-- Opening Marker --
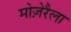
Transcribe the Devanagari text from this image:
मोज़ेरैला
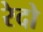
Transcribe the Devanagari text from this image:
रेदो
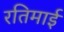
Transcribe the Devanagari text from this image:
रतिमाई
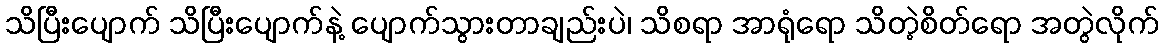
သိပြီးပျောက် သိပြီးပျောက်နဲ့ ပျောက်သွားတာချည်းပဲ၊ သိစရာ အာရုံရော သိတဲ့စိတ်ရော အတွဲလိုက်
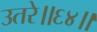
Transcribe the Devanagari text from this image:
उतरे॥६४॥
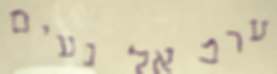
ערב אל נעים
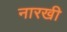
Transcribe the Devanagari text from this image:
-- Closing Marker --
▶ THE TASK: Only the words belong in your copy: restate the data above exactly and leave the images out.

▶ EXERCISE SOLUTION:
Transcribe the Devanagari text from this image:
मोज़ेरैला
Transcribe the Devanagari text from this image:
रेदो
Transcribe the Devanagari text from this image:
रतिमाई
သိပြီးပျောက် သိပြီးပျောက်နဲ့ ပျောက်သွားတာချည်းပဲ၊ သိစရာ အာရုံရော သိတဲ့စိတ်ရော အတွဲလိုက်
Transcribe the Devanagari text from this image:
उतरे॥६४॥
ערב אל נעים
Transcribe the Devanagari text from this image:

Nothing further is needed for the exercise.